→ **WHAT YOU SHOULD DO**: For the word "small", search the records and show each line in which it occurs.
══ DATA SHOWN
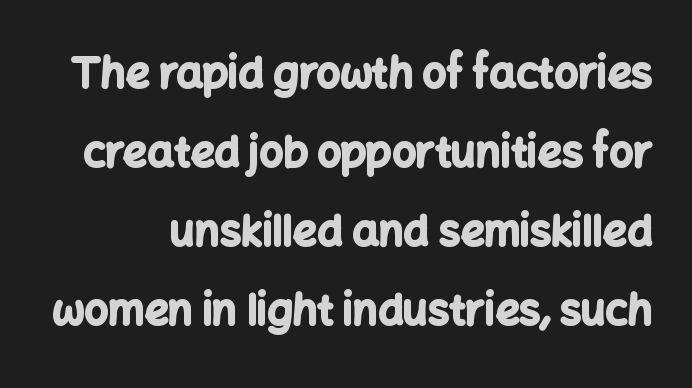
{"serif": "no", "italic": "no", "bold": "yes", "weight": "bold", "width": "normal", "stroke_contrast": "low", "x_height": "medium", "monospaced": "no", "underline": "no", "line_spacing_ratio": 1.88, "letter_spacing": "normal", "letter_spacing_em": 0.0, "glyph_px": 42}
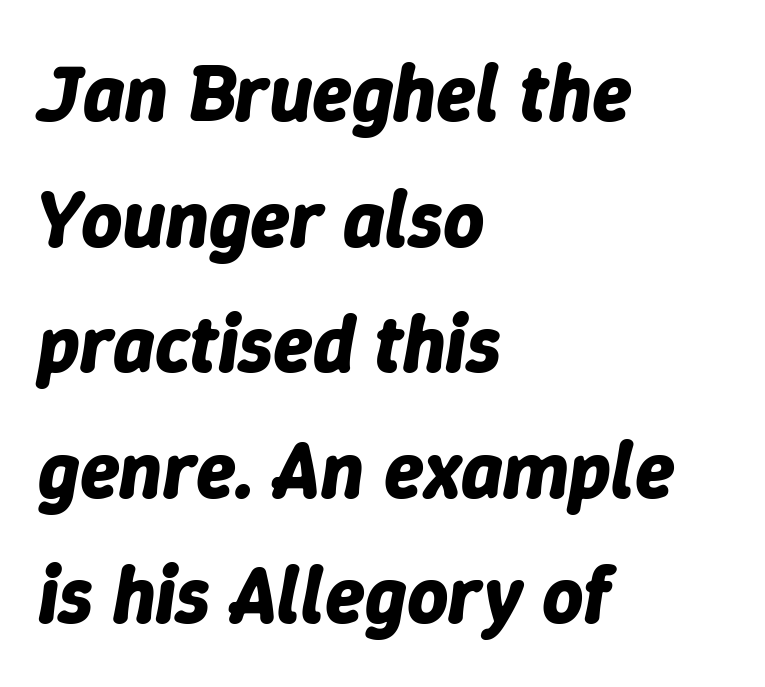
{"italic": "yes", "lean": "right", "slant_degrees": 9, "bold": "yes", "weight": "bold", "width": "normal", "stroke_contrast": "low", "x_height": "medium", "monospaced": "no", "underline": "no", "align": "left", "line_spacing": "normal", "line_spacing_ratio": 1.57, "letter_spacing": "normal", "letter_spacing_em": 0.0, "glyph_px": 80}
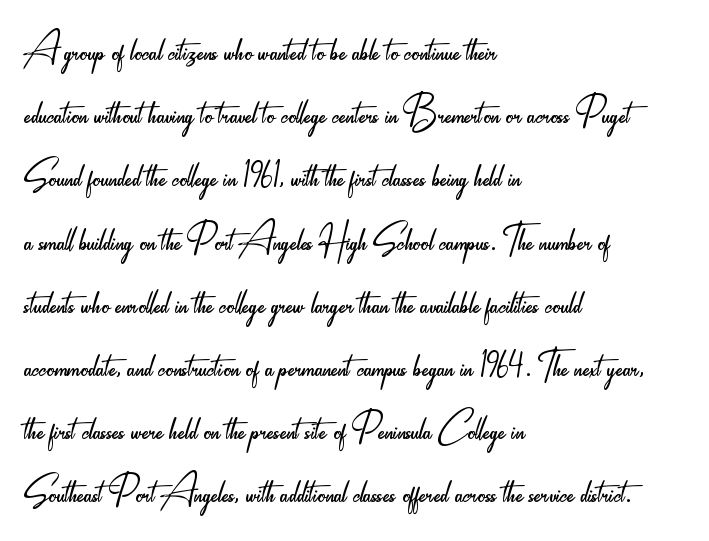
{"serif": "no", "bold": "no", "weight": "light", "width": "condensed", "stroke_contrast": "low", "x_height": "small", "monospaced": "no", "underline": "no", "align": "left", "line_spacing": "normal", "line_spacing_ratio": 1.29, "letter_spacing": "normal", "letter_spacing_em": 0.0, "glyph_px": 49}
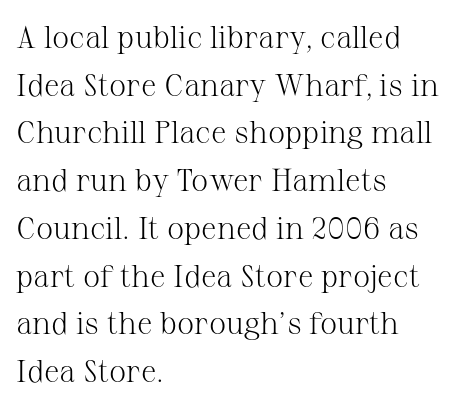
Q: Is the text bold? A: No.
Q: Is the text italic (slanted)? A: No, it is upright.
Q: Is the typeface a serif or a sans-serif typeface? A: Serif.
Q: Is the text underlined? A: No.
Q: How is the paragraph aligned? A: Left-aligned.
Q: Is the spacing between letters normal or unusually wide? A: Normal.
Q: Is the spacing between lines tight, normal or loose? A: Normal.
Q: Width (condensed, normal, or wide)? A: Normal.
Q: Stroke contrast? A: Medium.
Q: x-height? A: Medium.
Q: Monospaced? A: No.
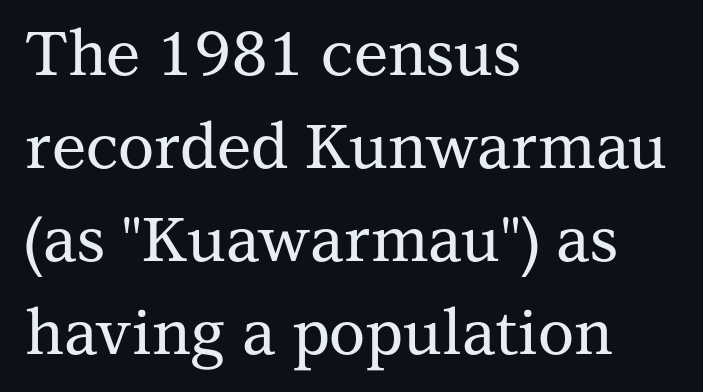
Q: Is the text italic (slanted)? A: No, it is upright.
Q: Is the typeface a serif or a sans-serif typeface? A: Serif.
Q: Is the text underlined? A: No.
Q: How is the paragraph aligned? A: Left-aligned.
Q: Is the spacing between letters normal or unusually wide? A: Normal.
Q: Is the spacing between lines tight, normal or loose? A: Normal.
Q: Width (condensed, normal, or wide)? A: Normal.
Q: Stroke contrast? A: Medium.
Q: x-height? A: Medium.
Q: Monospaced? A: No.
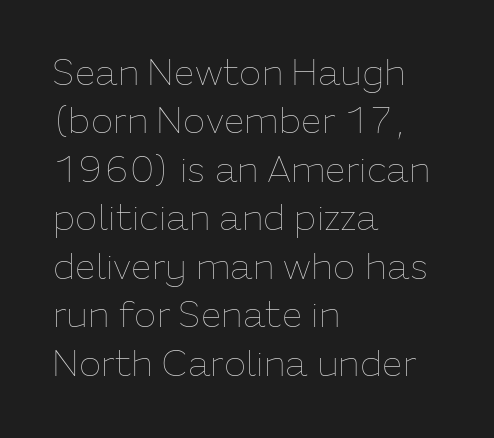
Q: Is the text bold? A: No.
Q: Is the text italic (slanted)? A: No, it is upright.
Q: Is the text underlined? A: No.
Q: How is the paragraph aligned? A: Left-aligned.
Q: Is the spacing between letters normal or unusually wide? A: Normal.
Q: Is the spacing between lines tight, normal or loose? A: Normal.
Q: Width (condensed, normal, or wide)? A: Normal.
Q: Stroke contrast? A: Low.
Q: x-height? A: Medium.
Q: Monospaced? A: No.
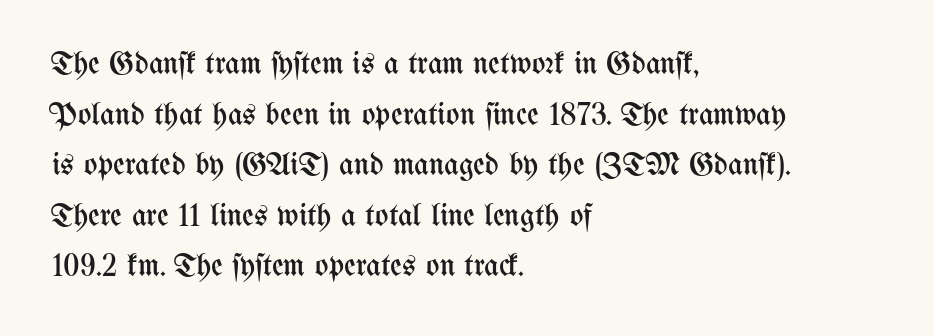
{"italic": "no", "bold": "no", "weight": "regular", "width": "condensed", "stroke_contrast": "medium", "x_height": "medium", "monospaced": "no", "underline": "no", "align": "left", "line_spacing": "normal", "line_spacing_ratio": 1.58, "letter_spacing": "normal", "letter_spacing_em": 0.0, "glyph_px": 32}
════
══ DATA SHOWN
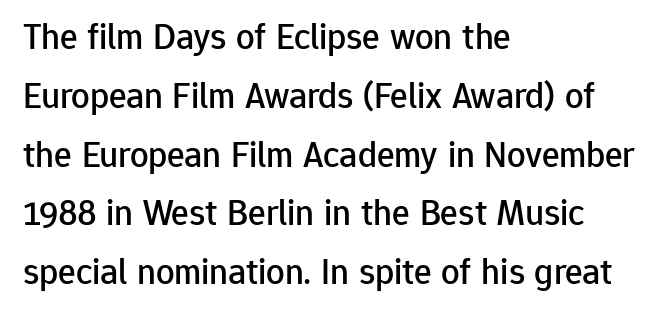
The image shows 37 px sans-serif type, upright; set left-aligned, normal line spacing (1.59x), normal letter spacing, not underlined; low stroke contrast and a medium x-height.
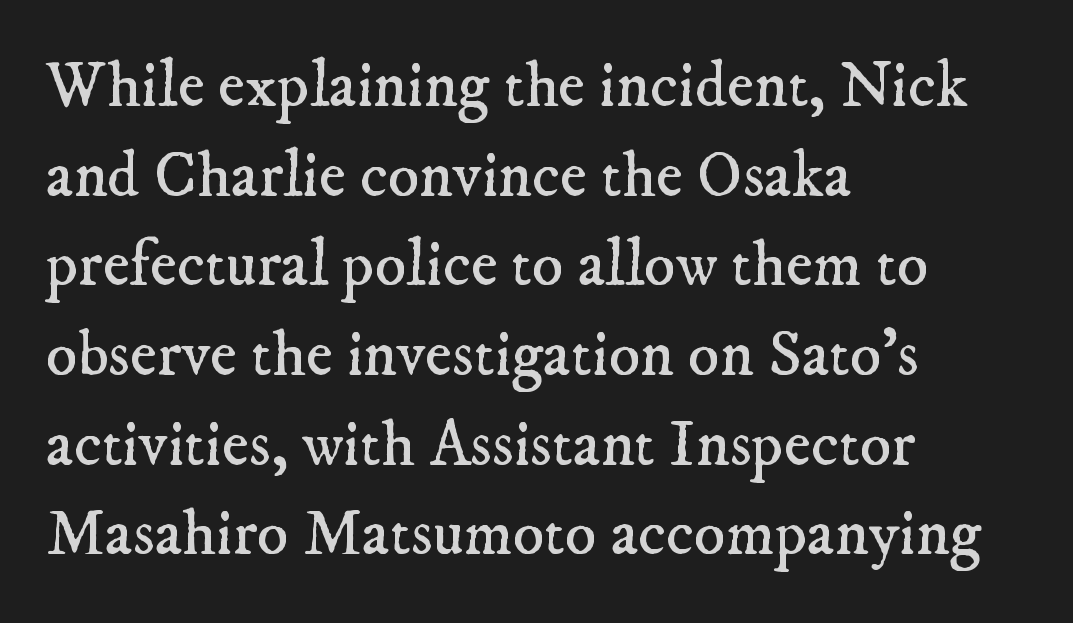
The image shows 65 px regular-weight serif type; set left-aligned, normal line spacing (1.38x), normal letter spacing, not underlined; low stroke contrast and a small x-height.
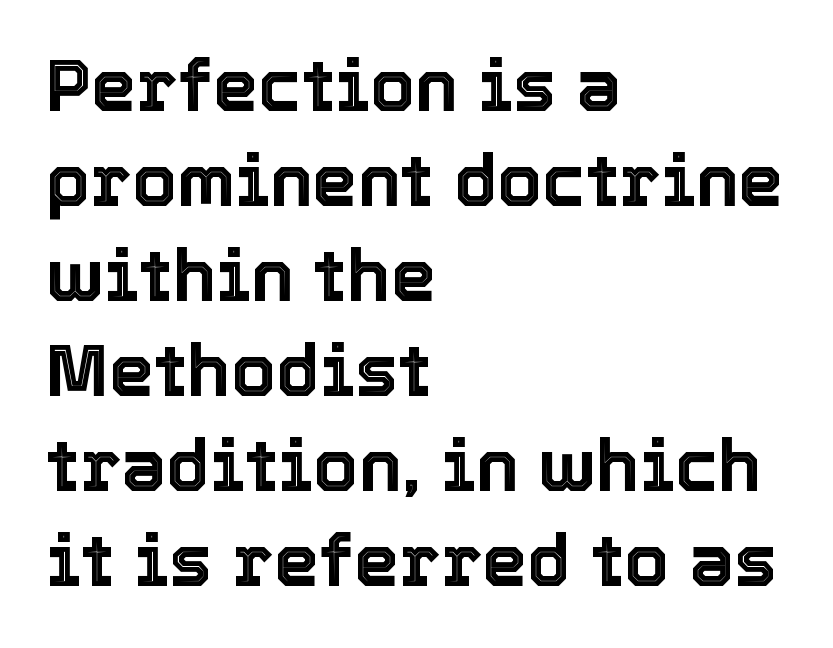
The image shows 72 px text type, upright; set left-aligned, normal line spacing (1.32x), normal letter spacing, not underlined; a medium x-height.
════
→ **ANSWER SECTION**:
{"serif": "no", "bold": "no", "weight": "light", "width": "condensed", "stroke_contrast": "low", "x_height": "small", "monospaced": "no", "underline": "no", "align": "left", "line_spacing": "normal", "line_spacing_ratio": 1.29, "letter_spacing": "normal", "letter_spacing_em": 0.0, "glyph_px": 49}
The image shows 65 px regular-weight serif type; set left-aligned, normal line spacing (1.38x), normal letter spacing, not underlined; low stroke contrast and a small x-height.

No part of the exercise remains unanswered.